Artigo 13o – A Assembléia Geral realizar-se-á ordinariamente uma vez por ano para:
I – apreciar o relatório anual da Diretoria;
II – discutir e homologar as contas e o balanço aprovado pelo Conselho Fiscal;

Artigo 14o – A Assembléia Geral realizar-se-á extraordinariamente quando convocada:
I – pela Diretoria
II – pelo Conselho Fiscal;
III – por requerimento de 55% de sócios quites com as obrigações sociais.

Artigo 15o – A convocação da Assembléia Geral será feita por meio de edital afixado na sede da instituição, ou publicação na imprensa local, por circulares ou outros meios convenientes, com antecedência mínima de 10 (dez) dias, com data, dia, hora e local para as reuniões.
Parágrafo Único – Qualquer Assembléia instalar-se-á em primeira convocação com a maioria dos sócios inscritos, ou seja, 2/3, até a data da mesma, e em segunda convocação com qualquer número de sócios.
Artigo 16o – A Diretoria será constituída por um Presidente, Vice-Presidente, Primeiro e Segundo Secretários, Primeiro e Segundo Tesoureiro, Diretor Social, Diretor de Patrimônio, Secretário de Imprensa, Conselho Fiscal, Conselho Deliberativo, Relações Públicas e as Suplências.
Parágrafo 1 – O mandato da Diretoria será de 02 (dois) anos, não devendo haver mais de uma reeleição consecutiva.
Parágrafo 2 – Em caso de vacância, o mandato será assumido pelo respectivo suplente, até seu termino.

Artigo 17o – Compete à Diretoria:
a) elaborar programa anual de atividade e executá-los;
b) elaborar e apresentar à Assembléia Geral o Relatório Anual;
c) entrosar-se com as instituições públicas e privadas para mútua colaboração em atividades de interesse comum;
d) contratar e demitir funcionários;
e) cumprir r fazer cumprir este estatuto;
f) resolver todos os casos omissos do estatuto.

Artigo 18o – A Diretoria reunir-se-á no mínimo a cada 30 dias.

Artigo 19o – Compete ao Presidente Benemérito:
Compete ao Sócio Presidente Benemérito, a juízo da Diretoria, e pela própria iniciativa deste, ou mediante proposta da Diretoria Executiva, torne digno deste título, para ser o conselheiro de todo o grupo, em especial aos diretores, presidentes e principalmente do Conselho Deliberativo.

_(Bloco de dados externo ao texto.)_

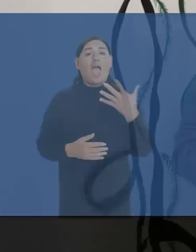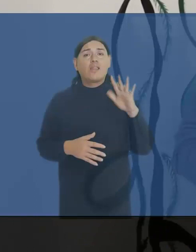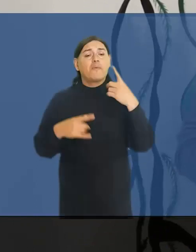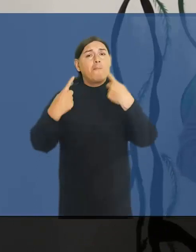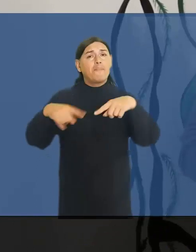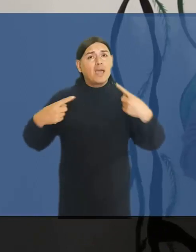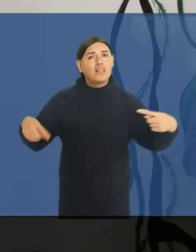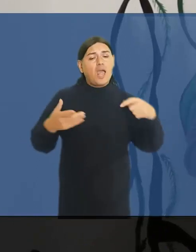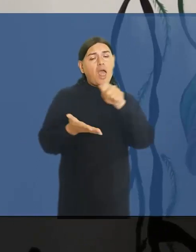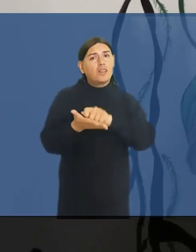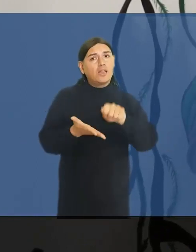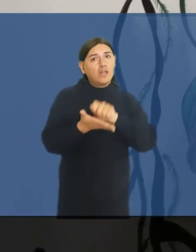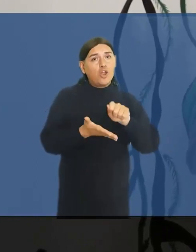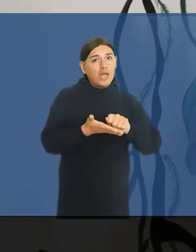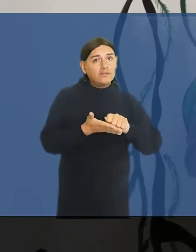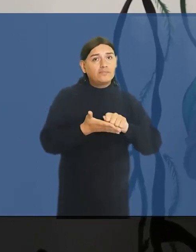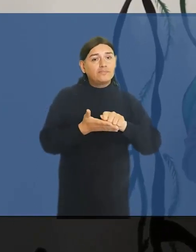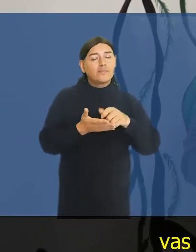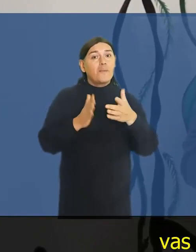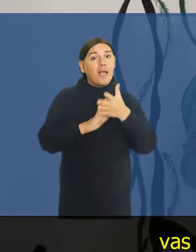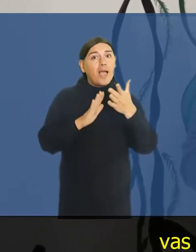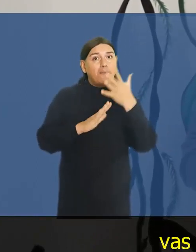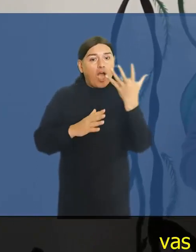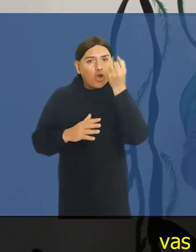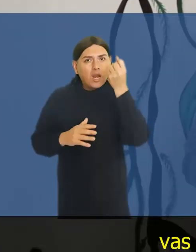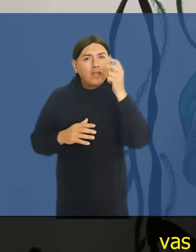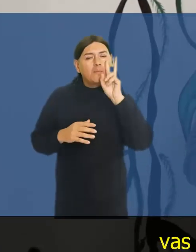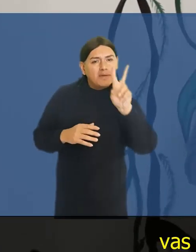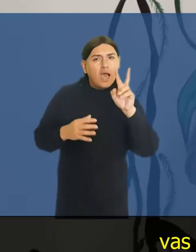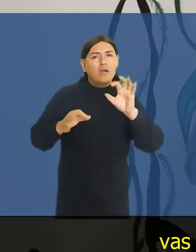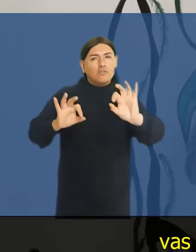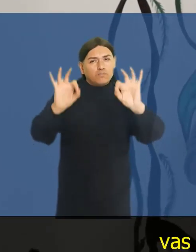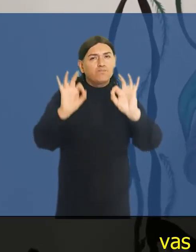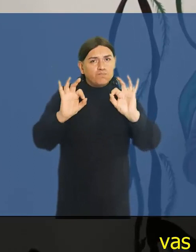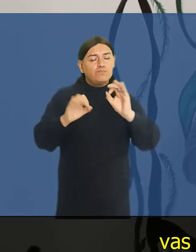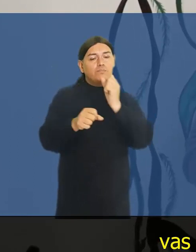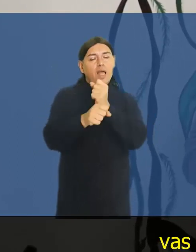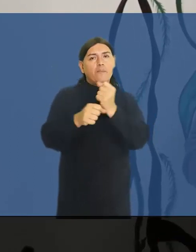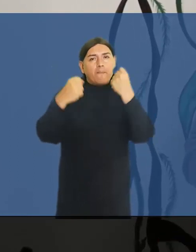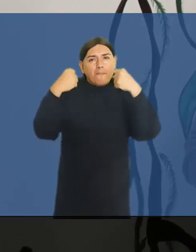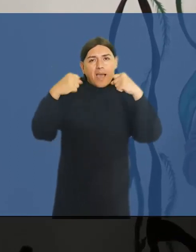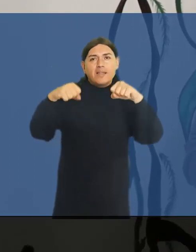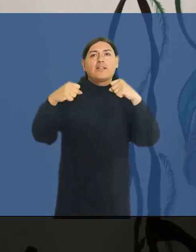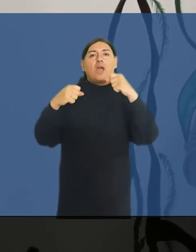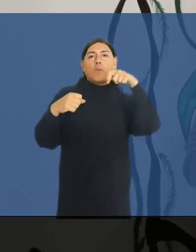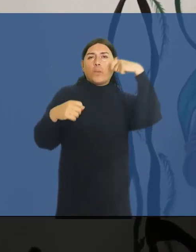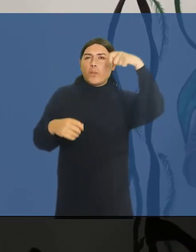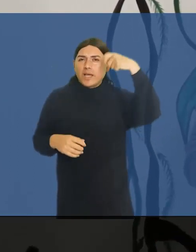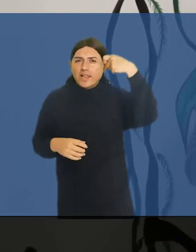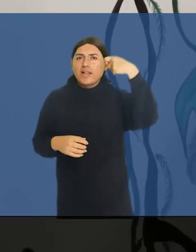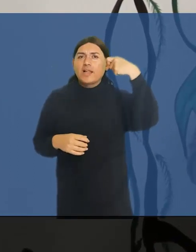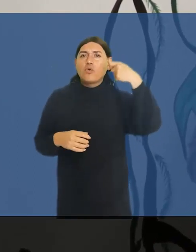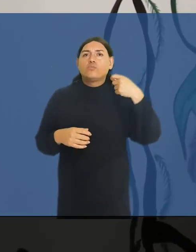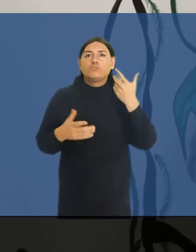Además del material teórico, vas a encontrar material complementario, trabajos prácticos y

Artigo 20o – Compete ao Presidente:
a) representar a entidade, ativa e passiva, judicial e extra-judicialmente;
b) cumprir e fazer cumprir este estatuto e o regimento interno;
d) convocar e presidir as reuniões da Diretoria;
e) orientar todas as atividades da entidade.

Artigo 21o – Compete ao Vice-Presidente:
a) substituir o Presidente em suas faltas ou impedimento;
b) assumir o mandato, em caso de vacância, até o seu término;
c) prestar de modo geral, a sua colaboração ao Presidente.
• Recomendamos 2 (dois) para o mandato de diretoria, e 1 (um) para reeleição.
** Recomendamos reunião uma vez ao mês.

Artigo 22o – Compete ao primeiro Secretário:
a) secretariar as reuniões da Diretoria e Assembléia Geral, e redigir as competentes atas;
b) publicar todas as notícias das atividades da entidade;
c) elaborar os relatórios de atividades em conjunto com os demais membros da Diretoria;
d) abrir e atender todas as correspondências;
e) preparar e manter em ordem os livros ou fichários de sócios;
f) manter em ordem os livros e arquivos do escritório da entidade.

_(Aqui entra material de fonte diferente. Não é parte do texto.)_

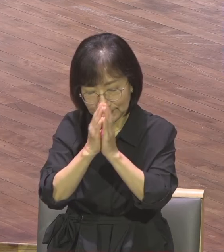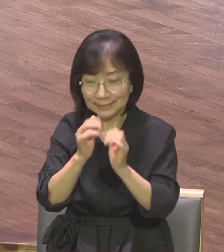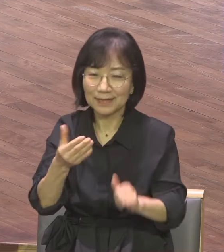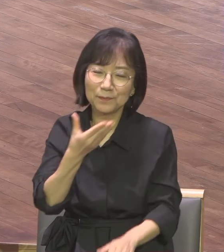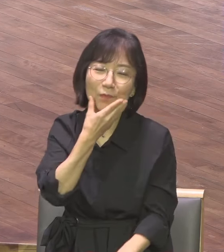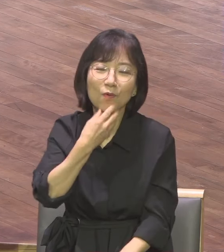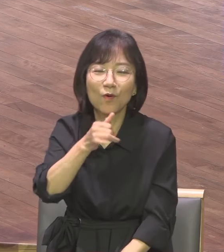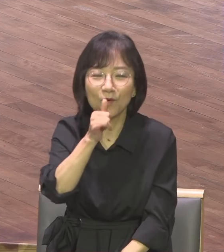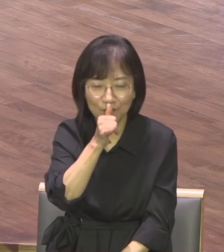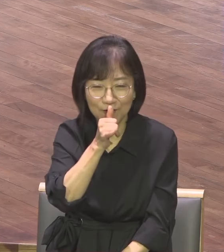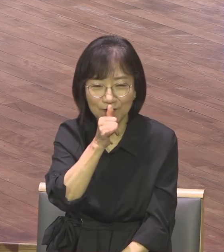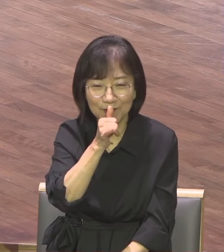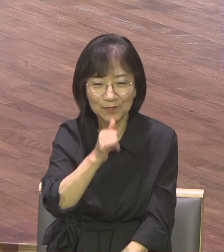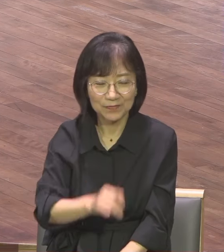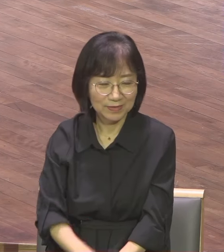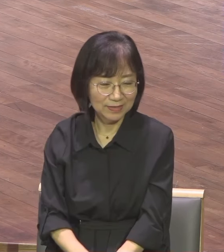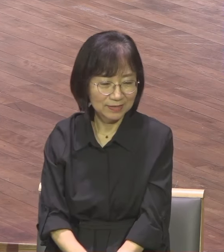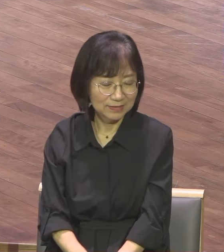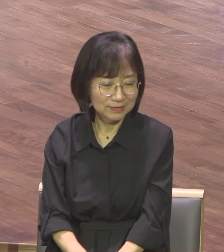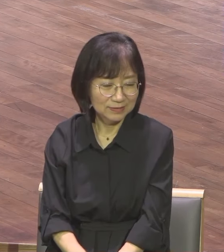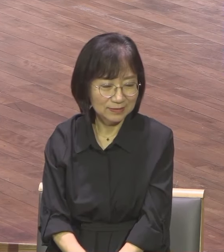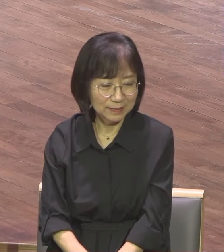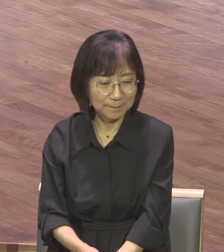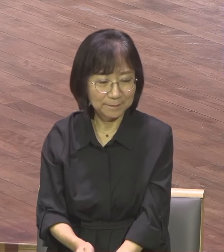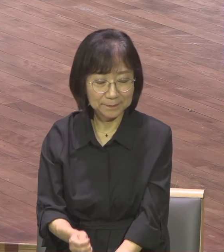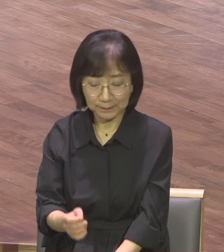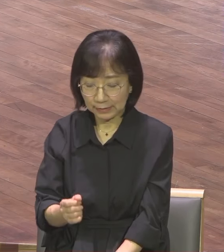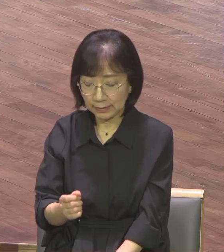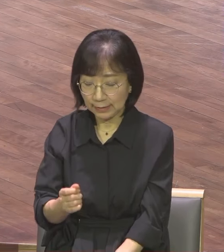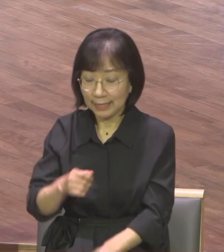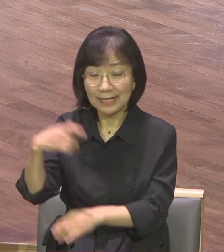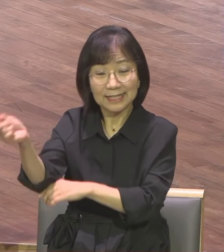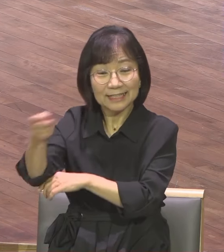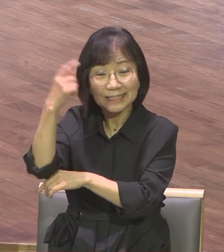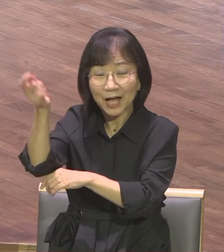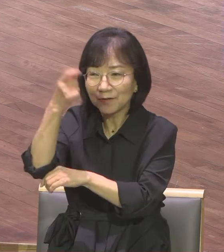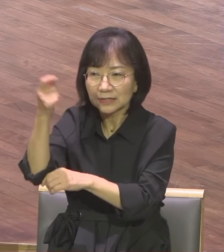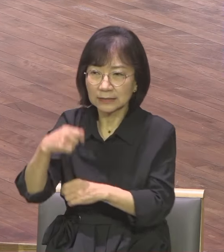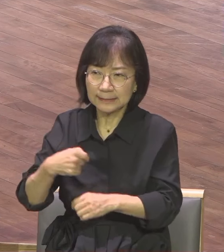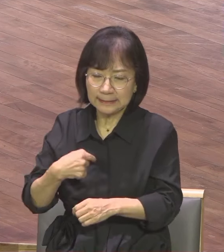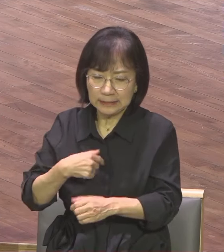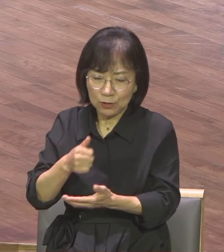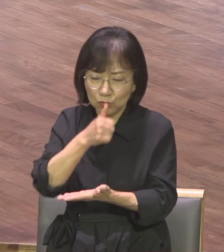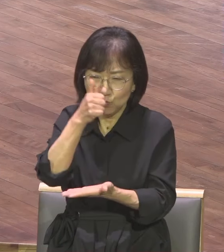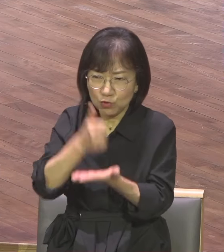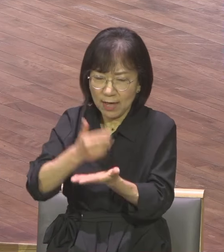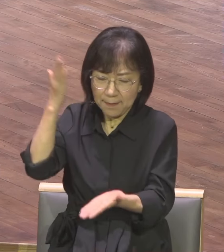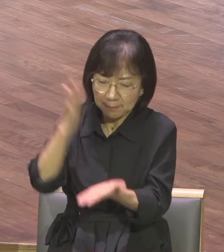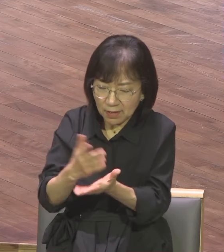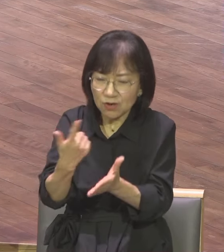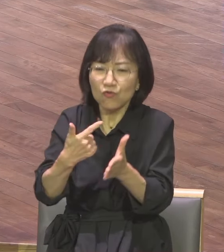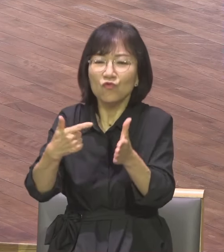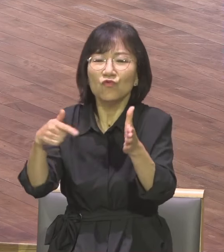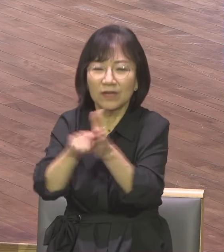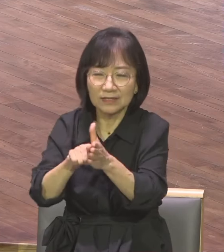다윗도 이렇게 하죠 내가 범죄하지 아니하게 해서 주의 말씀을 내 마음에 두었나이다

Artigo 23o – Compete ao segundo Secretário:
a) substituir o primeiro Secretário em suas faltas e impedimentos;
b) assumir o mandato, em caso de vacância, até o termino;
c) prestar, de modo geral, a sua colaboração ao primeiro Secretário.

Artigo 24o – Compete ao primeiro Tesoureiro:
a) arrecadar e contabilizar as contribuições dos associados, rendas de qualquer tipo, auxílios e donativos em dinheiro ou em bens, mantendo em dia a escrituração, toda comprovada;
b) efetuar os pagamentos das contas referentes a despesas, autorizadas pelo Presidente, e registrar os mesmos.
c) fornecer os relatórios das receitas e despesas, ao Conselho Fiscal, sempre que forem solicitados;
d) apresentar relatório financeiro para ser submetido à Assembléia Geral;
e) apresentar semestralmente o balanço e demonstrações de receitas e despesas à entidade ou ao Conselho Fiscal, sempre que solicitado;
f) conservar sob sua guarda e responsabilidade, o numerário e o documento relativo à tesouraria, e inclusive, movimentar contas bancárias com o Presidente;
g) manter no estabelecimento, crédito apenas a quantia de R$ 500,00 (quinhentos reais).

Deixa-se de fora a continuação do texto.